This section describes the individual-level demographic and behavioral survey datasets, as well as the specialized quiz responses. You can download the complete, de-identified longitudinal panels below.
This dataset combines survey responses from 203 Notre Dame students across 6 consecutive waves, capturing demographic backgrounds, personality inventories (e.g., Big Five), academic metrics (GPAs), musical and artistic preferences, lifestyle behaviors, and campus engagement.
ImportantSecurity & Privacy Scrubbing
The raw demographic dataset originally contained sensitive participant identifiers. A secure, programmatic R script (Code/scrub_demographics.R) has been run to drop 38 personal identifying columns containing: - Participant first names and last names (firstname_*, lastname_*, v1532, v1180, etc.) - University NetIDs and emails (netid, netid_*, emailaddress_*) - Raw cellular telephone numbers (phonenumber)
1.2 Dataset Quick Profile
Below is a quick programmatic summary of the clean demographic survey data loaded directly from the processed CSV.
With 1,556 attributes, variables are suffixed with a wave number (e.g. _1 for Wave 1, _6 for Wave 6) to track changes over time. Some of the core groupings include:
Demographics: Participant gender (gender_1), ethnicity, family background, and dorm locations.

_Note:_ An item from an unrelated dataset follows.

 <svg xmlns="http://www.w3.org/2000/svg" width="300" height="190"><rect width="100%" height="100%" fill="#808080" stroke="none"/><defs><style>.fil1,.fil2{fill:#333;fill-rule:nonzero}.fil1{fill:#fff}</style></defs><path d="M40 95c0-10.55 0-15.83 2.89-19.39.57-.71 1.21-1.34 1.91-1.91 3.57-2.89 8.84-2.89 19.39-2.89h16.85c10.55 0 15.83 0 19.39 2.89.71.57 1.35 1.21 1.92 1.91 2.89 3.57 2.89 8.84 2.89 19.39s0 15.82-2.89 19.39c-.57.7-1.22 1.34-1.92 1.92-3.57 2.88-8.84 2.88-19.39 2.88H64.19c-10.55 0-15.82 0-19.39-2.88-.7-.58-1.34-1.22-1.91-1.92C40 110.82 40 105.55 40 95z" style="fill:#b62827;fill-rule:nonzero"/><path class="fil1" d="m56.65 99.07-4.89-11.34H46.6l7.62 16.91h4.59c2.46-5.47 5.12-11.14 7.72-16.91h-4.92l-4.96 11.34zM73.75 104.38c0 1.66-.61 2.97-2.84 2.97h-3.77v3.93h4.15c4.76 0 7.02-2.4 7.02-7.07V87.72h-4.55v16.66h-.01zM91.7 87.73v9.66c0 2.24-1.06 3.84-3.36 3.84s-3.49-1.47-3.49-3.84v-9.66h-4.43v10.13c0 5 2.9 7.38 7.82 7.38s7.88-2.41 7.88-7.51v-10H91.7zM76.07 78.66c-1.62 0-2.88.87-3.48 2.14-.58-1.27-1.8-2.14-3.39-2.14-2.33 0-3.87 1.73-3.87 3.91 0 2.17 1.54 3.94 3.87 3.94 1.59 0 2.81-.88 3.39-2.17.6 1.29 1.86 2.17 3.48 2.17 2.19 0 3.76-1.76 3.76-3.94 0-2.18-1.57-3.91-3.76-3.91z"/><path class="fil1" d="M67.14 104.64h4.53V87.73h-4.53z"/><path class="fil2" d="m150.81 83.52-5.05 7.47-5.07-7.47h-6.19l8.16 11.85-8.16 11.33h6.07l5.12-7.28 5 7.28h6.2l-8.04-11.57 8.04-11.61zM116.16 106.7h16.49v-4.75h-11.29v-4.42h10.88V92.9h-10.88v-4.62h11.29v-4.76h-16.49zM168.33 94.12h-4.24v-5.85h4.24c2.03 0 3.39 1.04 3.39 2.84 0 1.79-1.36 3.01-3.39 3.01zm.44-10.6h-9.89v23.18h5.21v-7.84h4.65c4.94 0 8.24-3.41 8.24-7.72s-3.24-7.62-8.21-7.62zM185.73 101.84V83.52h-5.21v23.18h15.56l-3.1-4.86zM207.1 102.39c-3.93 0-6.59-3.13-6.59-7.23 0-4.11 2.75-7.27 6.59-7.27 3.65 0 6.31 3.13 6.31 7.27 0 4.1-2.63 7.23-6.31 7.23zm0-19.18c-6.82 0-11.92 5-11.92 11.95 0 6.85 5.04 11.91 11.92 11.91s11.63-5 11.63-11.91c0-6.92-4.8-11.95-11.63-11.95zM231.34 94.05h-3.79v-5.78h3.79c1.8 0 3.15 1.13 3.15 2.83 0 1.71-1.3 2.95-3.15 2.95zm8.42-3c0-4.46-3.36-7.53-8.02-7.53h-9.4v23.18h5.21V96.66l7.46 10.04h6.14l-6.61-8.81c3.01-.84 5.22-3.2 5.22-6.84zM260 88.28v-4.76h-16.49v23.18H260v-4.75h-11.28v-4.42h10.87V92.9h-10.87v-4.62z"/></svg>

Personality Scales: Big Five traits (Extraversion, Neuroticism, Openness, Agreeableness, Conscientiousness).
Lifestyles and Habits: Alcohol use, smoking, sleep habits, and smartphone usage metrics (e.g., phoneuse*_1).
Cultural Tastes: Music genres, movies, books, and artistic preferences (e.g., bigband_1, classicrock_1, jazz_1, rap_1).
1.4 Quiz Responses (Master)
In addition to the main demographic surveys, the study administered a series of quizzes to participants. These quizzes capture high-frequency assessments of student health, emotional well-being, political discussions, and feedback on their smartphone performance.
The raw quiz datasets originally tracked participants using raw 10-digit phone numbers. These have been securely mapped to the standard egoid identifier and the raw phone numbers have been completely dropped to maintain anonymity.
The consolidated quiz dataset contains responses from 197 students across 146 specialized survey items, all of which are documented in the Searchable Variable Catalog.